** Opening Provided records block **
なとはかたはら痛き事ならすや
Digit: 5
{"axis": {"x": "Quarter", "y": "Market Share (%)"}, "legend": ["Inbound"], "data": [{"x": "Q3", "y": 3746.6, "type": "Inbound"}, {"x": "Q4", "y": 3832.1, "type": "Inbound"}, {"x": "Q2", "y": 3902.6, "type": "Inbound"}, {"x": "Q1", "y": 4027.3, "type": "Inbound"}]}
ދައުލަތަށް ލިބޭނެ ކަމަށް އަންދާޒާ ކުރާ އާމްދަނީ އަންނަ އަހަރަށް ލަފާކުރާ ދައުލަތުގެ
** Closing Provided records block **
** Opening Provided records block **
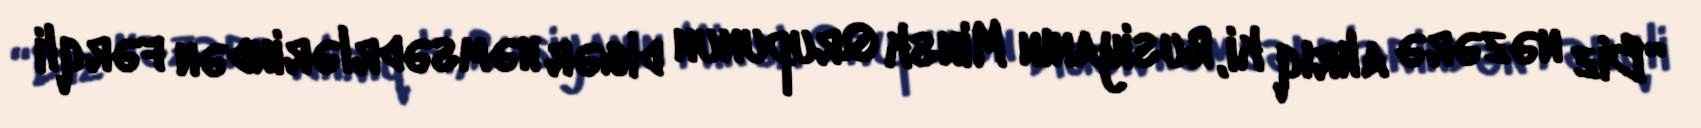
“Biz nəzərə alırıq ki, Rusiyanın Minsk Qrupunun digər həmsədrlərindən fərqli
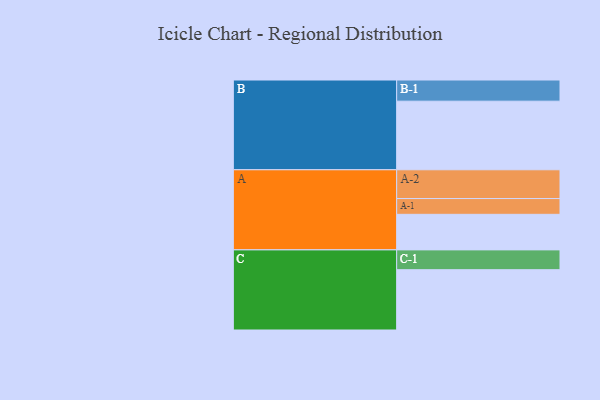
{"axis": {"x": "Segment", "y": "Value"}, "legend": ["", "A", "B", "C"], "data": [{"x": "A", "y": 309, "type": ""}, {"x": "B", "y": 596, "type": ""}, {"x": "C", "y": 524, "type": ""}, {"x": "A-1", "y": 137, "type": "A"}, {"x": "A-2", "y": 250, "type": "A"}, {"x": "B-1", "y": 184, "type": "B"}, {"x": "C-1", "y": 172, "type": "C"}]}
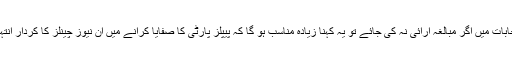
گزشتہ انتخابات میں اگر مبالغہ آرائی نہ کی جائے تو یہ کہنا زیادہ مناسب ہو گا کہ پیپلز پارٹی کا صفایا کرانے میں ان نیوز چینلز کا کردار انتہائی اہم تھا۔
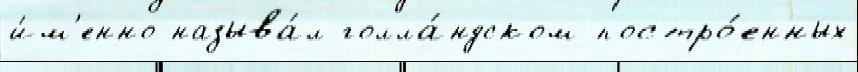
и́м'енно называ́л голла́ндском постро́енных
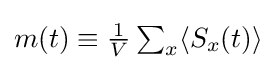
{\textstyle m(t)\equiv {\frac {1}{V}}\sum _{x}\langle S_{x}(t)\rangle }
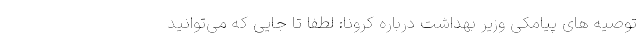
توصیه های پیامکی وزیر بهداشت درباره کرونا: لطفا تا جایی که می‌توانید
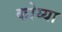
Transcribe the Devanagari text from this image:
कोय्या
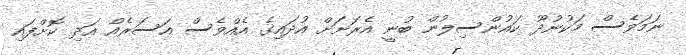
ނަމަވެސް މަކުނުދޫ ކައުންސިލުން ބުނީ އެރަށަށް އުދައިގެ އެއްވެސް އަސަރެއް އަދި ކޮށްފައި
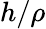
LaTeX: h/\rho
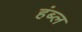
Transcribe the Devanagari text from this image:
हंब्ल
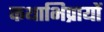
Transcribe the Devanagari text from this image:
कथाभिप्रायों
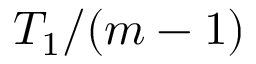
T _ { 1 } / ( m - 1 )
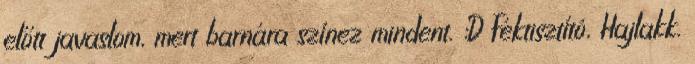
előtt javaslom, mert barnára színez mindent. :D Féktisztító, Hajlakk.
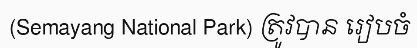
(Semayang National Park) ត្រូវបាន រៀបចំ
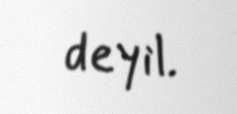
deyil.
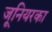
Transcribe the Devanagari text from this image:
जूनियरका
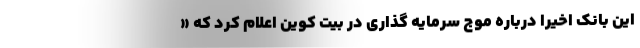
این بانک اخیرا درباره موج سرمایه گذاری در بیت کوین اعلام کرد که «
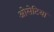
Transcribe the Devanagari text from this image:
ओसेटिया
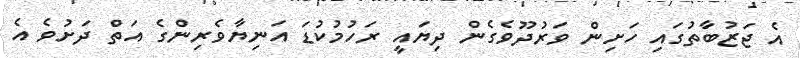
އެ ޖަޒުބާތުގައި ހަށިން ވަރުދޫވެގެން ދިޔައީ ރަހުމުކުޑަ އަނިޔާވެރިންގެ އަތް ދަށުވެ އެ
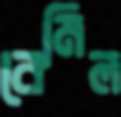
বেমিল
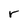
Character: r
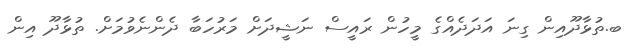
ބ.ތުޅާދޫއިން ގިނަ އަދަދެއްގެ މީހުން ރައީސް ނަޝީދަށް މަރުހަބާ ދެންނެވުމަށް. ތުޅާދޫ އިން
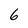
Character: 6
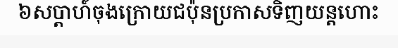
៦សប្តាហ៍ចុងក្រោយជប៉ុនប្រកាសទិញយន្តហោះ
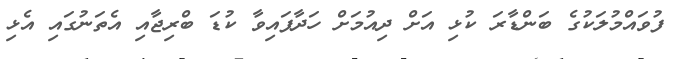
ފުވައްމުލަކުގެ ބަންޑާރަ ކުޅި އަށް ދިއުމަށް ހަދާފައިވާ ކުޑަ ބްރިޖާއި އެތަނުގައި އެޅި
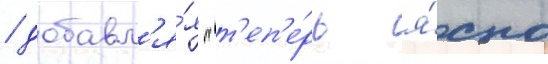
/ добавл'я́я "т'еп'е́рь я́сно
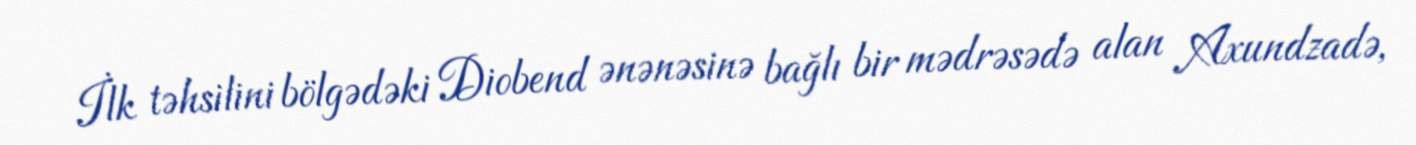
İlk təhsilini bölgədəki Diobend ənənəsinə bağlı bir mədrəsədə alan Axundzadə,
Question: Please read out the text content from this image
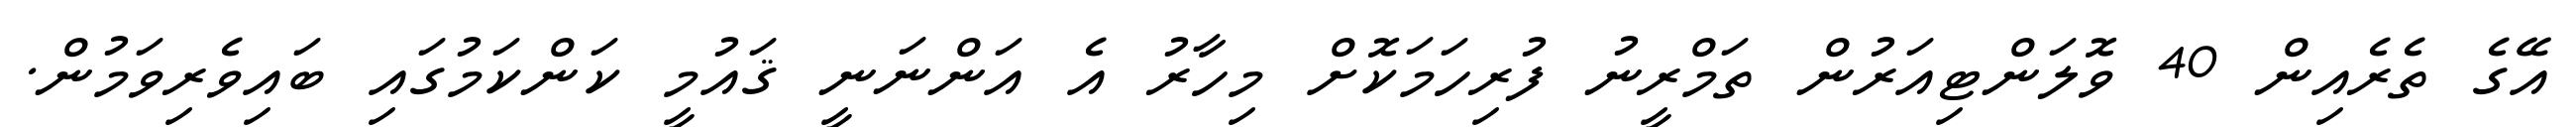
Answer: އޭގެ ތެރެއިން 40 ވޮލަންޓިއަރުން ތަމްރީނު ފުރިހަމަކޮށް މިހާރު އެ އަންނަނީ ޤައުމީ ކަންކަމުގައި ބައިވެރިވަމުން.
** Closing Provided records block **
** Opening Provided records block **
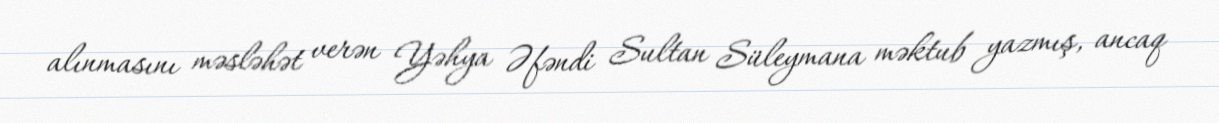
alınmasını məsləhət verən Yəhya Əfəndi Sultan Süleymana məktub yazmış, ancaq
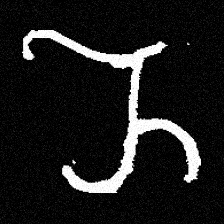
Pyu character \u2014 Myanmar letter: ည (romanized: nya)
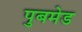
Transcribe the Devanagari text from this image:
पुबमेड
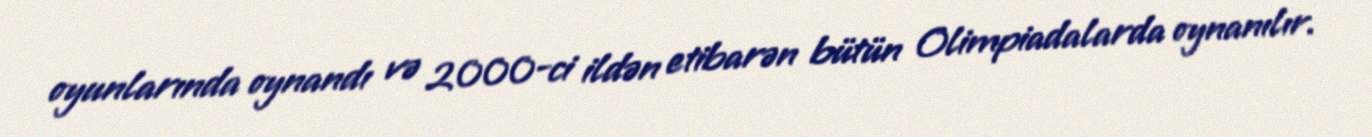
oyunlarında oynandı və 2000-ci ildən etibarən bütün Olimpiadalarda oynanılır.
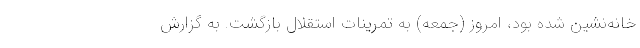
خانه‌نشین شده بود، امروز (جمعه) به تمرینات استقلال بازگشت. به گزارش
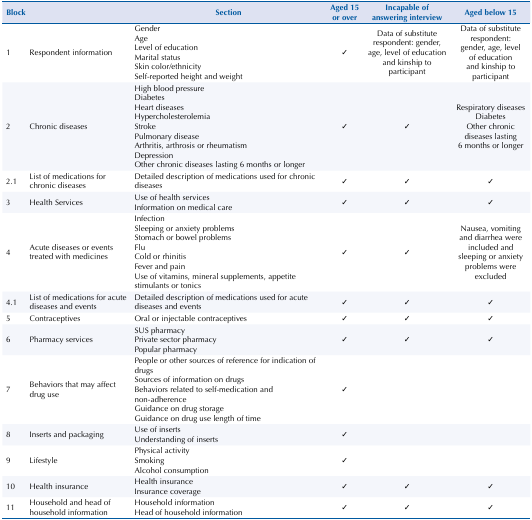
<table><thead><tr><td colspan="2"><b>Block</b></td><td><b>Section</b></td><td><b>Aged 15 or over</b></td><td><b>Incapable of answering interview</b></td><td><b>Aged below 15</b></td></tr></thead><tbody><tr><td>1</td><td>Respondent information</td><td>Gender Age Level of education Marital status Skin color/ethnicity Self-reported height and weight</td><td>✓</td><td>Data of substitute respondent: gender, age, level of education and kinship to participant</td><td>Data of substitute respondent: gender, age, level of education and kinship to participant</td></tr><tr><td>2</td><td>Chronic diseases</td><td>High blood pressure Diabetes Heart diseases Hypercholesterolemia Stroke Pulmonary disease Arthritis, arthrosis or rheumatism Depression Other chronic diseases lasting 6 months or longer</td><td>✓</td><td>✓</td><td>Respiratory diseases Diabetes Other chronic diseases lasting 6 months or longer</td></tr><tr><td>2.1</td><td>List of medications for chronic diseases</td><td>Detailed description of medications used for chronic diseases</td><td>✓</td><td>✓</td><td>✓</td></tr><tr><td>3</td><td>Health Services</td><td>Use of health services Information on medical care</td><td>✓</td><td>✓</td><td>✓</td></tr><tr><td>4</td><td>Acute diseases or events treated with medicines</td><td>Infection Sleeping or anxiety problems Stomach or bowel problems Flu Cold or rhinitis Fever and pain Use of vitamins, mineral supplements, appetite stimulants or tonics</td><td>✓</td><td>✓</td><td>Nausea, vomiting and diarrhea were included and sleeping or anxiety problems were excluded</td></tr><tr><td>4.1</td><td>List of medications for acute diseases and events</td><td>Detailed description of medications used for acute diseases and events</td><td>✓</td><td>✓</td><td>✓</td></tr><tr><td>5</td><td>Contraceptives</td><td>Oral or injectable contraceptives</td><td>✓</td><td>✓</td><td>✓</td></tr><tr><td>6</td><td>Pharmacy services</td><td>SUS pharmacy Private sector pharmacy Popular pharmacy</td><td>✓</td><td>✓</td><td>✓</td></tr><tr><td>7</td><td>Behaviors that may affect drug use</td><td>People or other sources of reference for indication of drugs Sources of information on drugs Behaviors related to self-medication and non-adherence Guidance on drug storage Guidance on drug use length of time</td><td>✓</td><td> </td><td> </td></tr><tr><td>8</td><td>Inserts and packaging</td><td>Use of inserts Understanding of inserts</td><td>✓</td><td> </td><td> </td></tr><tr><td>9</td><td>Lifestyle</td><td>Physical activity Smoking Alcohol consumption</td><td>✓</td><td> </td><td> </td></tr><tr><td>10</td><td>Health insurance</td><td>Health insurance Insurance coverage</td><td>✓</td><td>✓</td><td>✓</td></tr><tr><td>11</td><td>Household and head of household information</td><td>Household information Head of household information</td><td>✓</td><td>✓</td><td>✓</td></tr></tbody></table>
** Closing Provided records block **
* **Exercise prompt**:
Look above for the line with "Question: Please read" and the line with "Answer: އޭގެ ތެރެއިން"; set down those two lines and all lines between them exactly, without pictures and without anything else.

* **Exercise answer**:
Question: Please read out the text content from this image
Answer: އޭގެ ތެރެއިން 40 ވޮލަންޓިއަރުން ތަމްރީނު ފުރިހަމަކޮށް މިހާރު އެ އަންނަނީ ޤައުމީ ކަންކަމުގައި ބައިވެރިވަމުން.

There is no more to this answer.